Age and injuries have turned the team into a shadow of its former self.

February 01, 2010|By Broderick Turner

Reporting from Boston — These are not the Boston Celtics of yesteryear. In fact, they are not the Celtics from the 2007-08 NBA championship season who defeated the Lakers in the Finals.

These Celtics are a team that's old and slow, that has aging stars in Ray Allen (34), Kevin Garnett (33) and Paul Pierce (32).

These Celtics are failing to execute when the game hangs in the balance, as they did Sunday afternoon against the Lakers in a 90-89 loss at TD Garden.

These Celtics can't get defensive stops as they have in the past, this time watching Kobe Bryant nail a 16-foot jumper over Allen with 7.3 seconds left.

These Celtics can't execute on offense, demonstrating that anew Sunday with a late charging foul against Pierce that was a big turnover with Boston ahead by one point, and a last-second missed shot by Allen that could have won the game.

This is what the Celtics have become, a team that has more questions than answers.

They have lost three consecutive games, all to some of the NBA's better teams -- Orlando, Atlanta and the Lakers -- teams they used to regularly beat two seasons ago. Boston is 4-11 in its last 15 games.

"The thing that -- I don't know if concern's the right word -- is we haven't been able to get timely stops to end games," Coach Doc Rivers said. "The Atlanta game came down the stretch and they scored every time. The Orlando game came down the stretch and they scored every time. And tonight."

The Celtics led the Lakers by 11 points with nine minutes to play.

They scored eight points the rest of the way. They turned the ball over five times. They gave up 20 points the rest of the way.

That vaunted defense the Celtics used to play is a thing of the past.

"We don't lack any confidence," said Garnett, who had only 10 points, nine rebounds and five turnovers. "Our spirits are high.
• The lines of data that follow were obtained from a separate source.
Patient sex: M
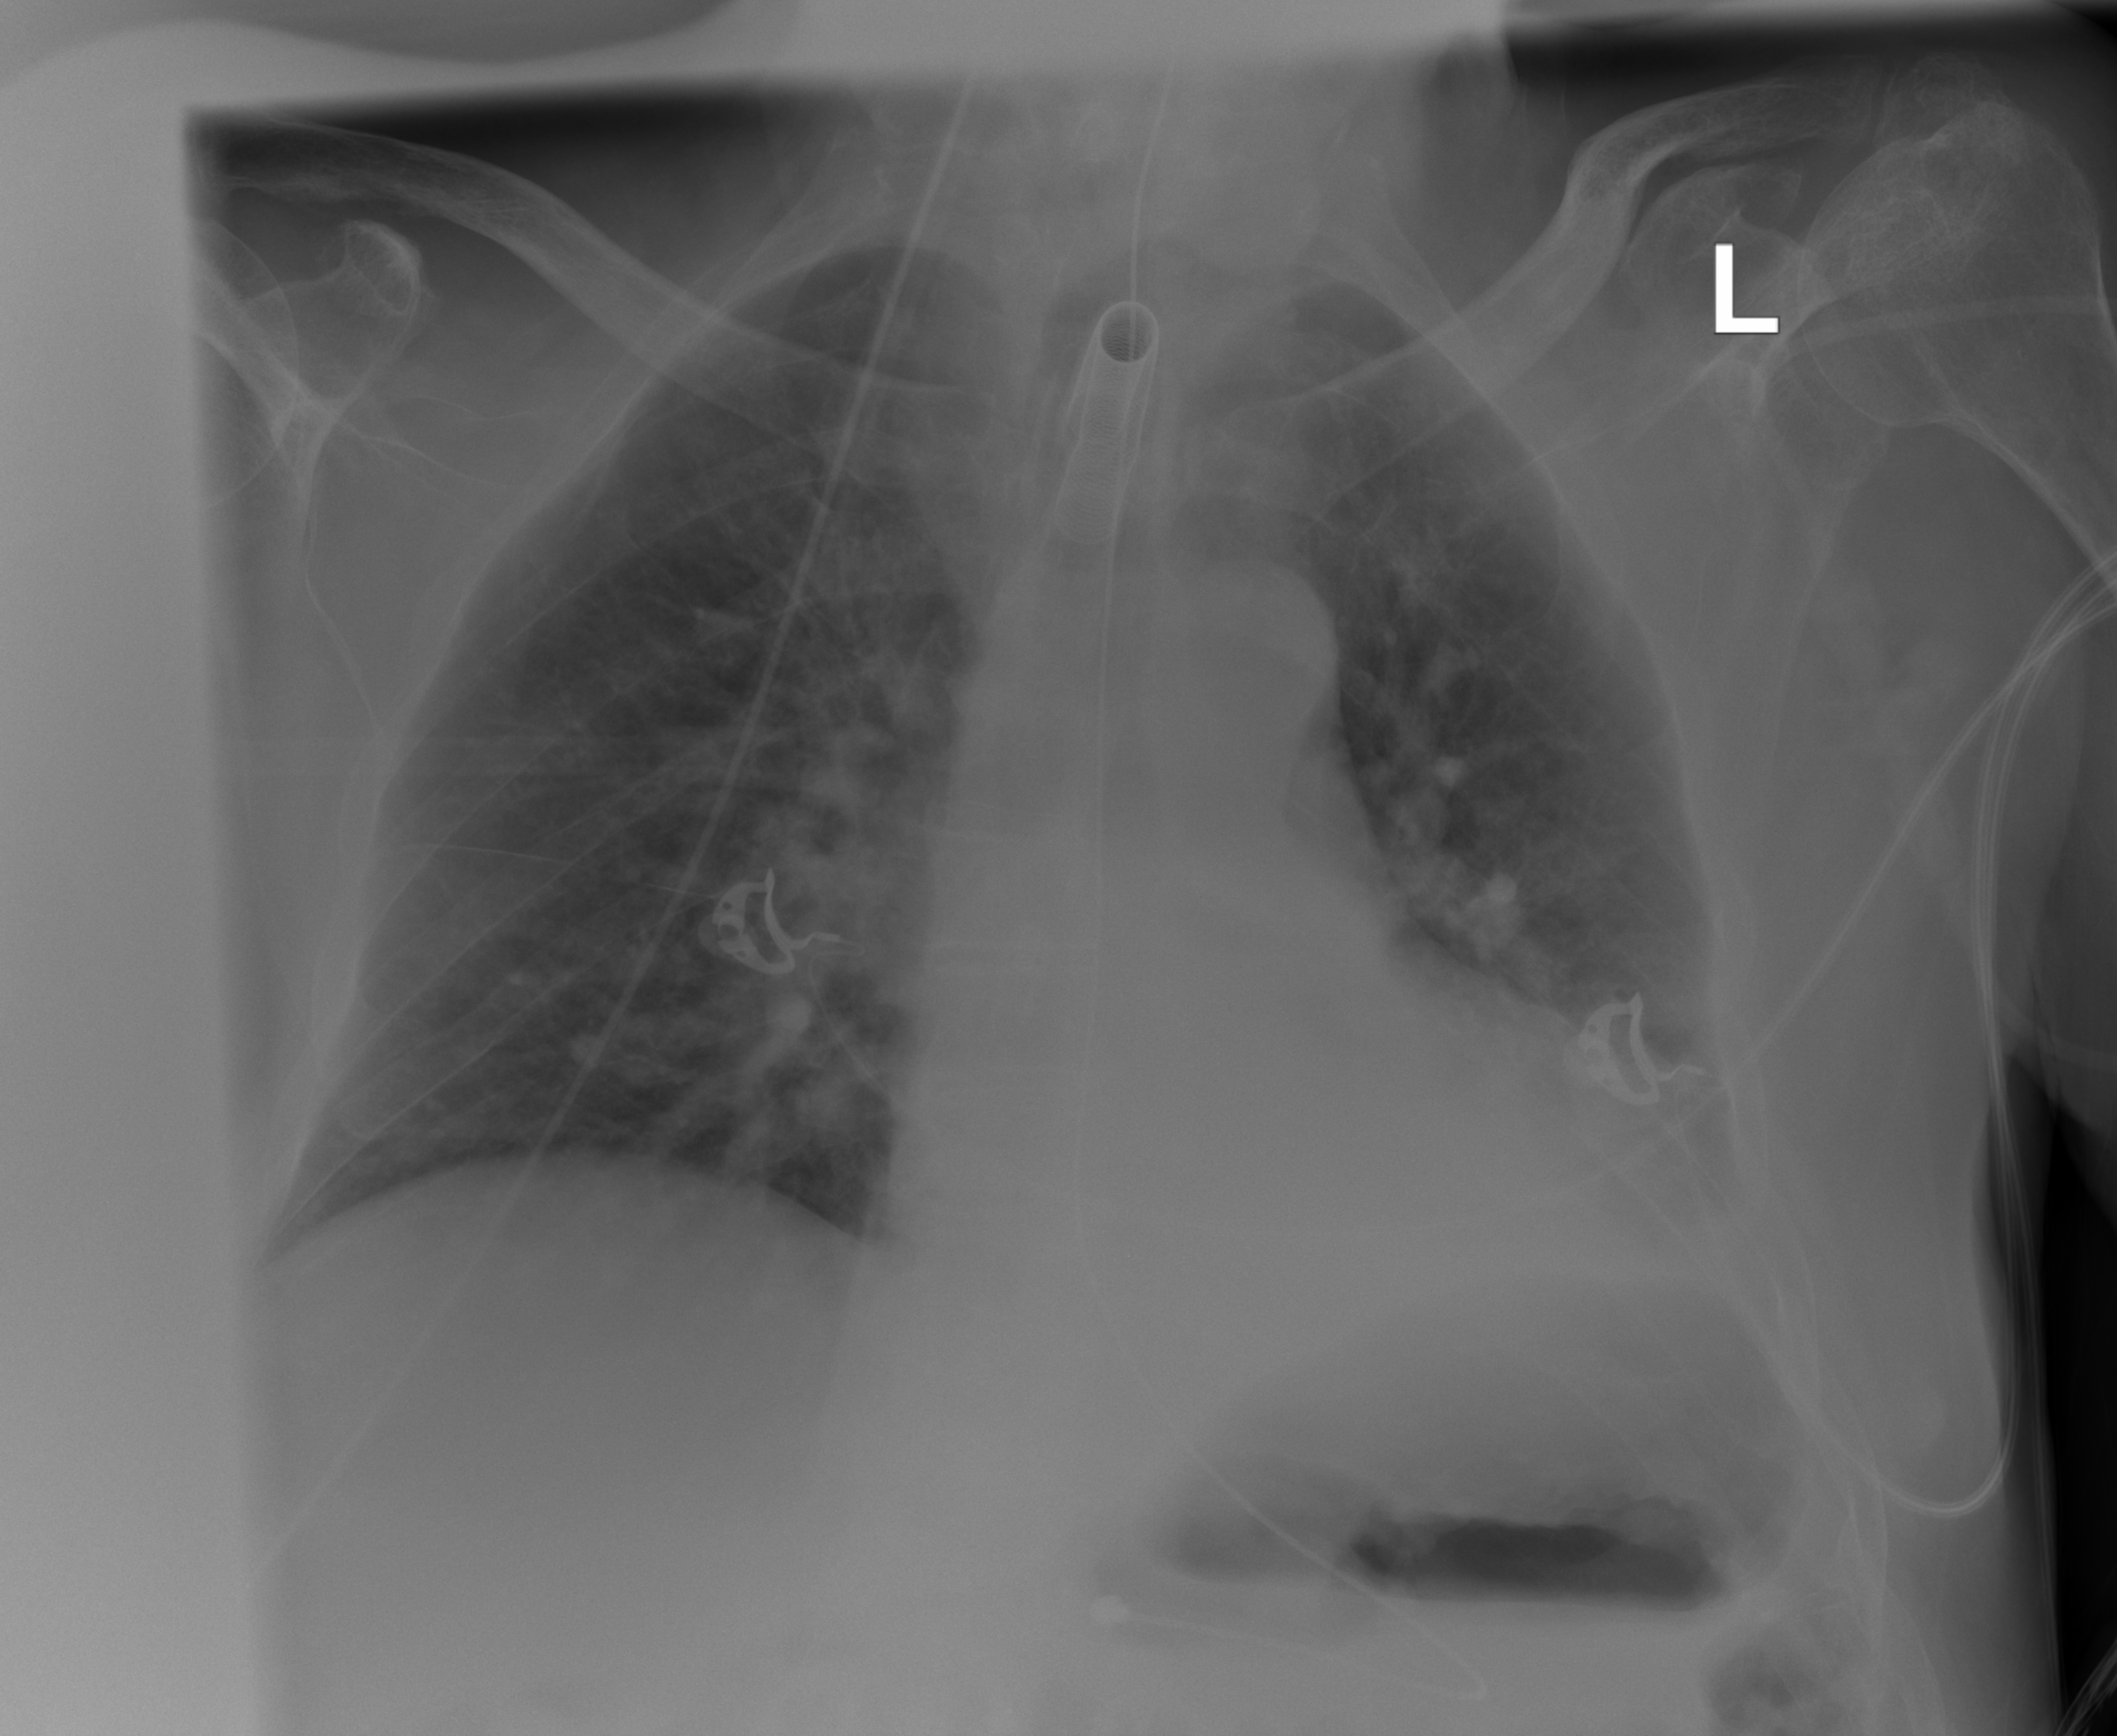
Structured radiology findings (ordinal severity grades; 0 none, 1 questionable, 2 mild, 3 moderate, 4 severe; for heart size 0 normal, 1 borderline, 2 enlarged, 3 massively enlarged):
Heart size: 2
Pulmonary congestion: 2
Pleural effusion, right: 0
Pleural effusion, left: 2
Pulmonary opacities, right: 1
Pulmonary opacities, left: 1
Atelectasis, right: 2
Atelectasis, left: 2
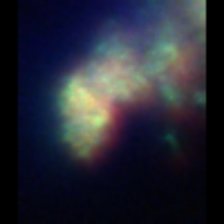
Taxon: Diatom_aggregate
Group: Diatoms
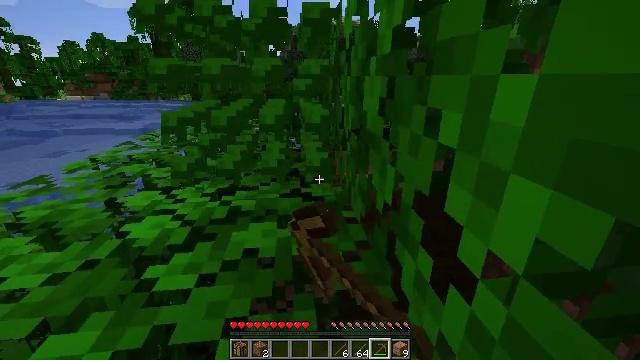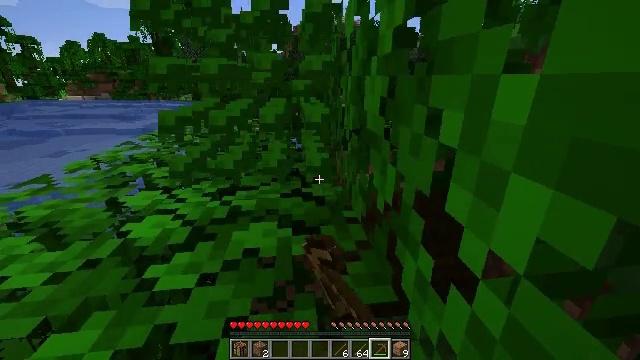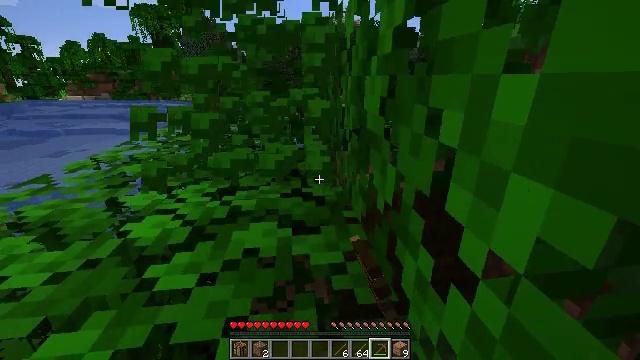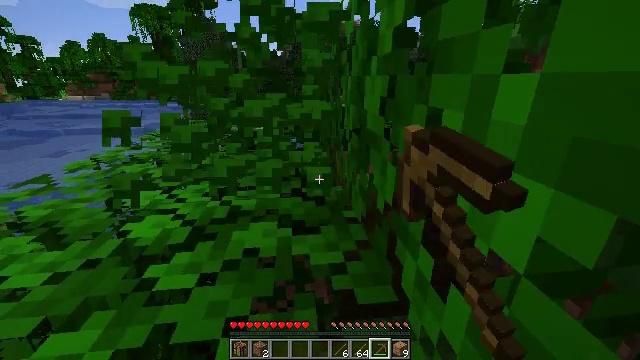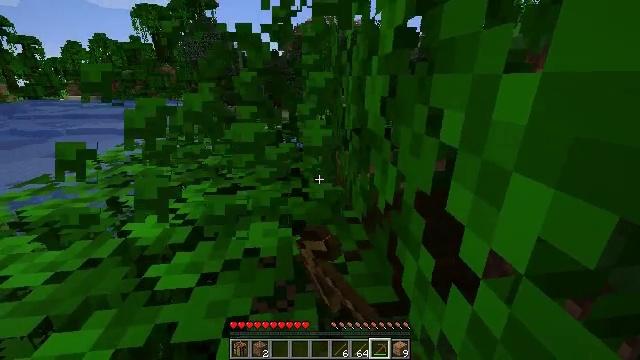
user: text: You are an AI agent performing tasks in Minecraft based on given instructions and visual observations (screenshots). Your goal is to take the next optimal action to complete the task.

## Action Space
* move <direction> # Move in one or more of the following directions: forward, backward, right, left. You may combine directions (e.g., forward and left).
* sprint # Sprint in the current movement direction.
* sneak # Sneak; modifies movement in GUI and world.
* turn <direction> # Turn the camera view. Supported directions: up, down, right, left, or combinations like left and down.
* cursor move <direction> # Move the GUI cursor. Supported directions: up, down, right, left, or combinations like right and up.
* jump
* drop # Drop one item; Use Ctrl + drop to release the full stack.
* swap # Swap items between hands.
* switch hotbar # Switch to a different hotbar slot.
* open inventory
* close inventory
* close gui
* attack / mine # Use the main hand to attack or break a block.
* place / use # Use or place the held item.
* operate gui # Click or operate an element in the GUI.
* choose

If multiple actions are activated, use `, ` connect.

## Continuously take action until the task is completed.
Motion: motion action
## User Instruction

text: Collect some oak leaves.
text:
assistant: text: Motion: attack / mine
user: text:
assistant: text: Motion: attack / mine
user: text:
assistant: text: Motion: attack / mine
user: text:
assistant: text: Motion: attack / mine
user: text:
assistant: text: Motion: attack / mine
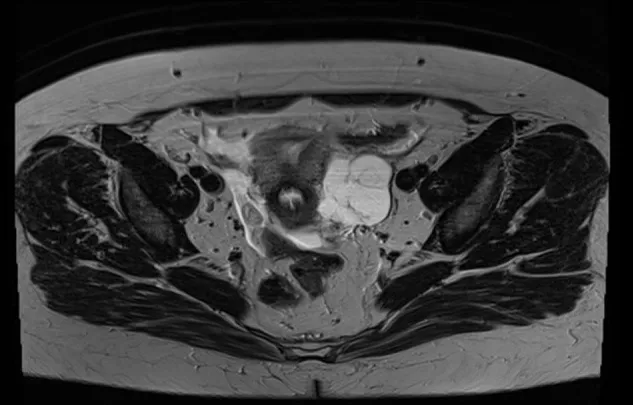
Cross-section of RMI with effusion around the uterus.
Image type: radiology (mri)
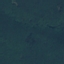
Land use / land cover class: Forest
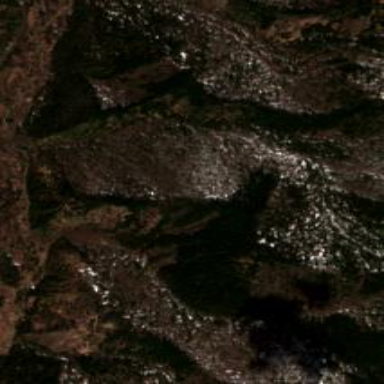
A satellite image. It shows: Coniferous forest area.
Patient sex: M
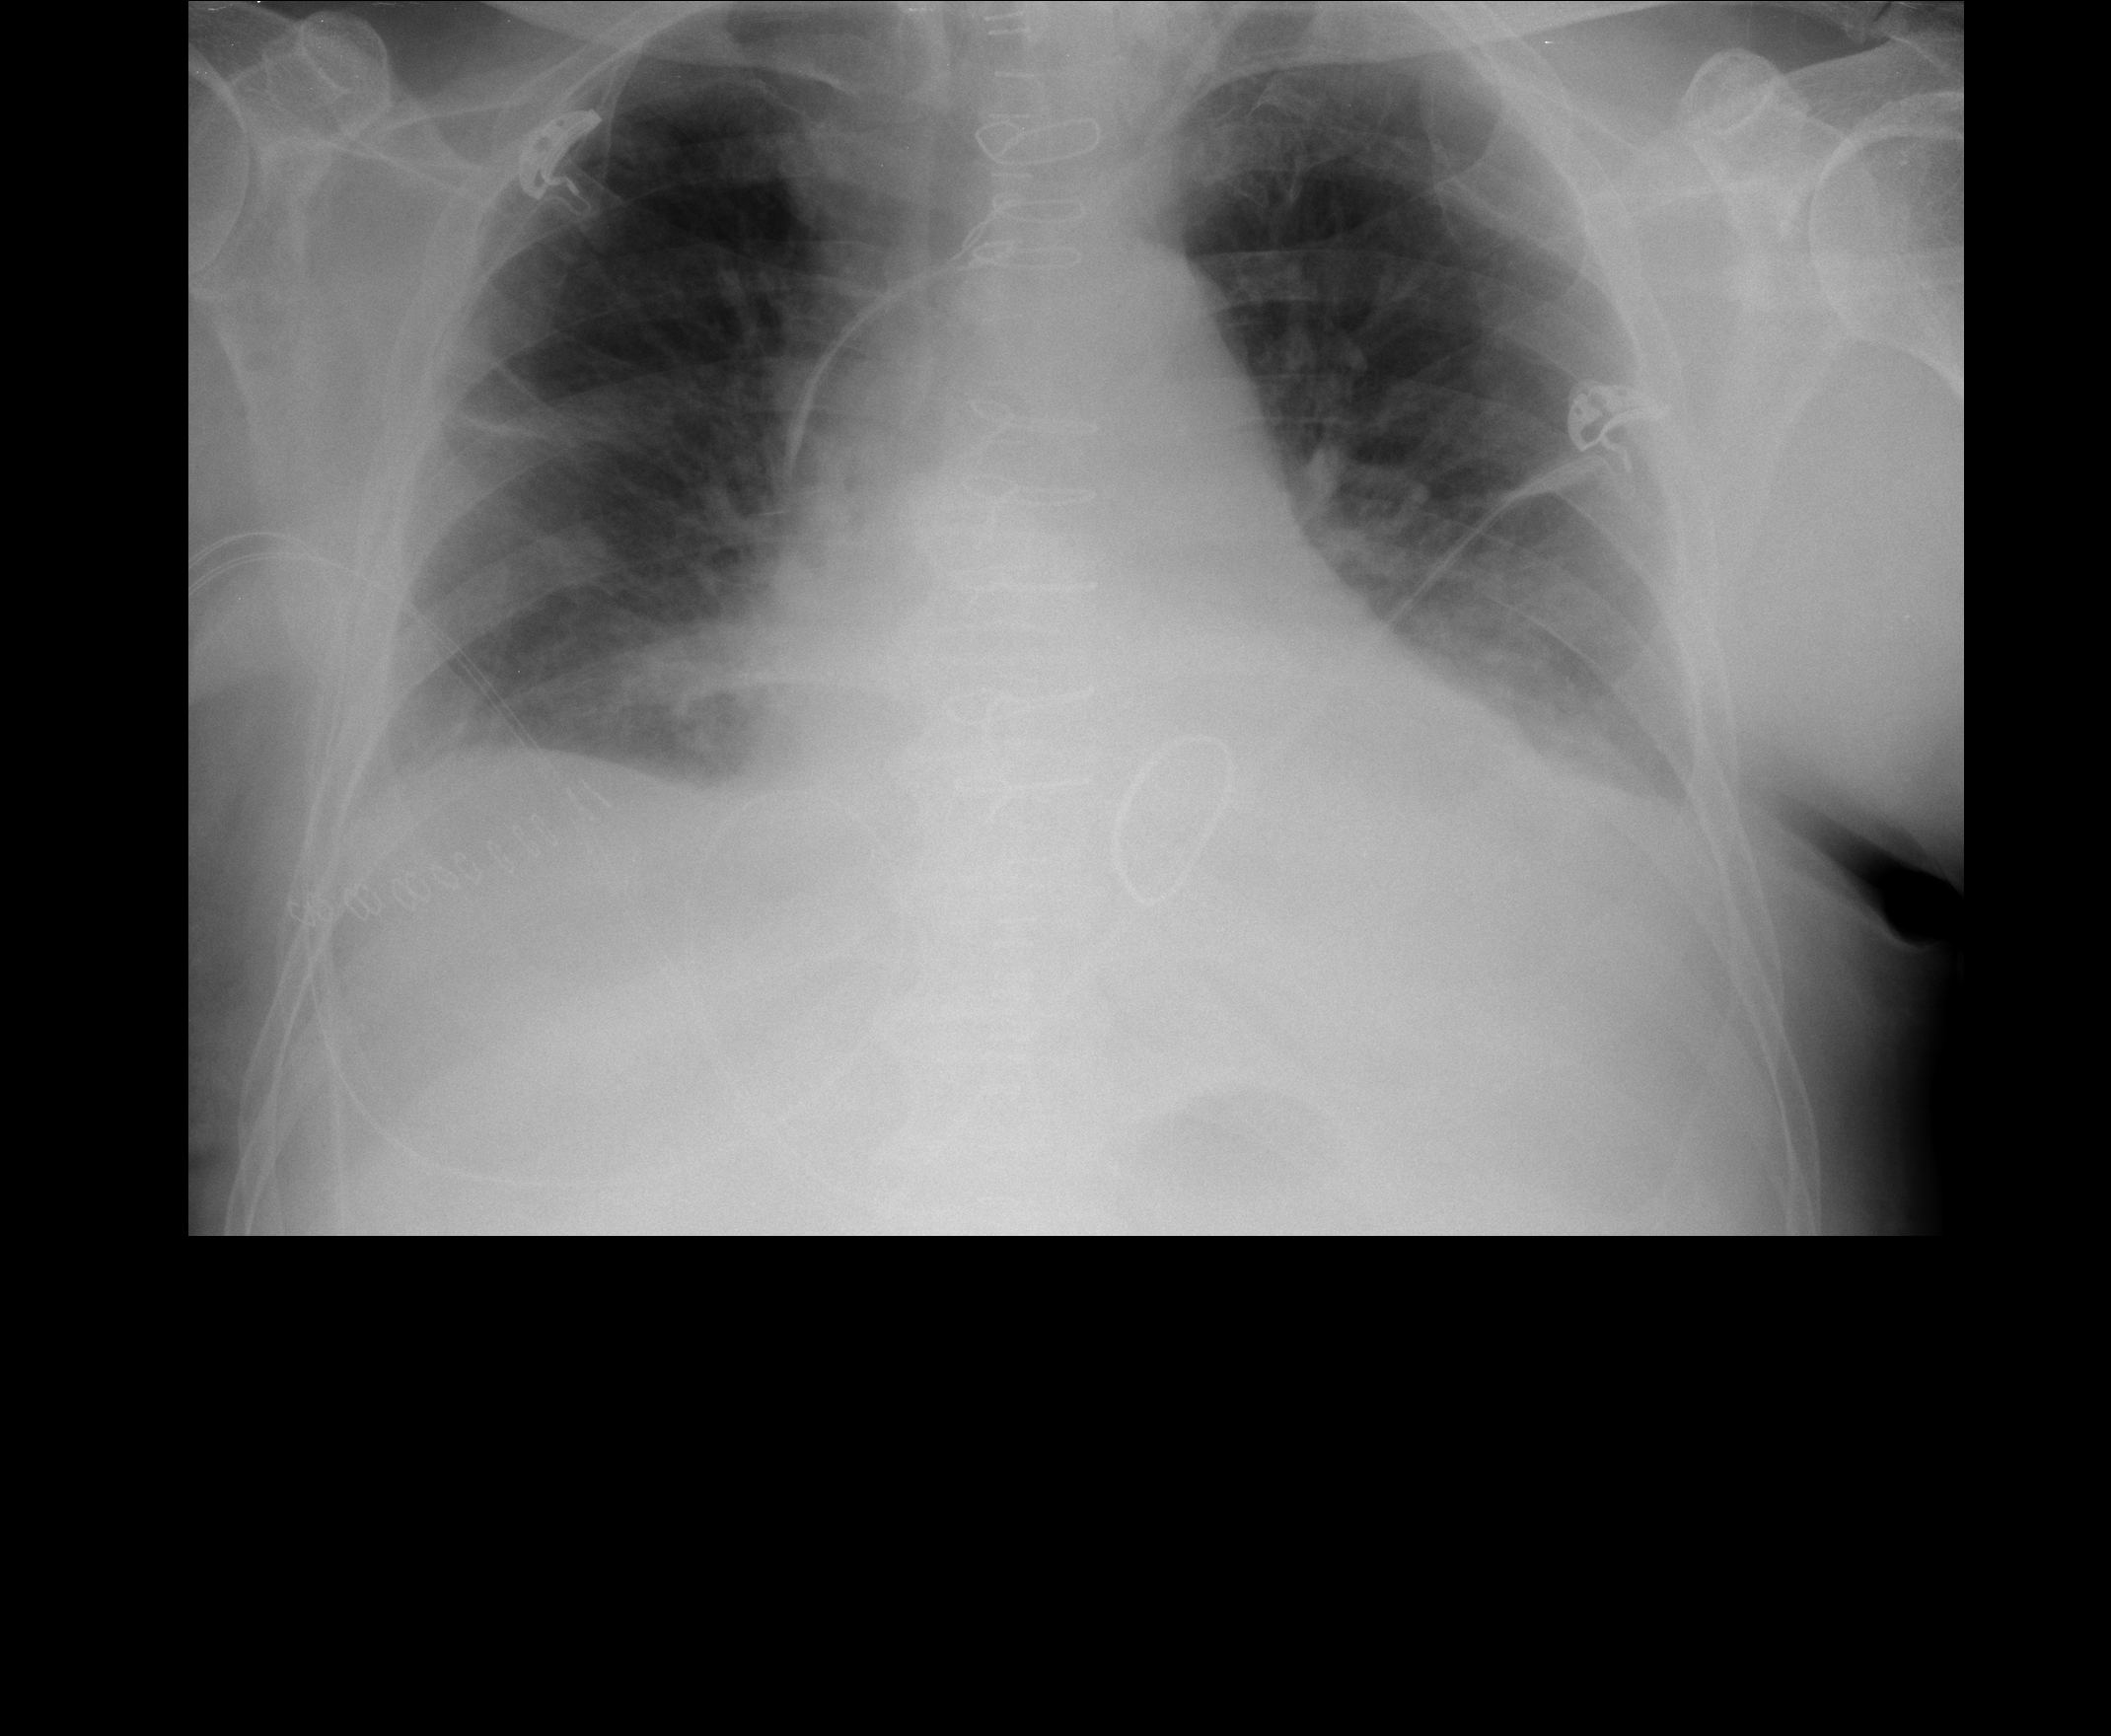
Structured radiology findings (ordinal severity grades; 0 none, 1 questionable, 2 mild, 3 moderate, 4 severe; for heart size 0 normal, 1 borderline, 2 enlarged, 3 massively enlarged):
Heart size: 2
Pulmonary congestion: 2
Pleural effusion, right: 1
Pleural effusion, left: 2
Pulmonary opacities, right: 0
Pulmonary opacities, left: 0
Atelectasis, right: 2
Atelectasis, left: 2

We have a little saying, to work hard."

That's what it will take for the Celtics the rest of the way.

They are in fourth place in the Eastern Conference.

Garnett, the heart and soul of the Celtics, sat out 10 games this season because of a hyper-extended right knee.

Sunday was only his fifth game back since sitting out and he still doesn't look quite the same.

He wore a long white sleeve from his ankle up to his knee.

He didn't run with his usual fluid motion against the Lakers.

His defense was shoddy.

Rivers was asked whether Garnett can be held to the same standards defensively as two years ago when he was defensive player of the year

"Yeah, I can," Rivers said. "Not right now. Really none of our guys who have come back [from injuries], I can't hold any of them to their normal standards right now."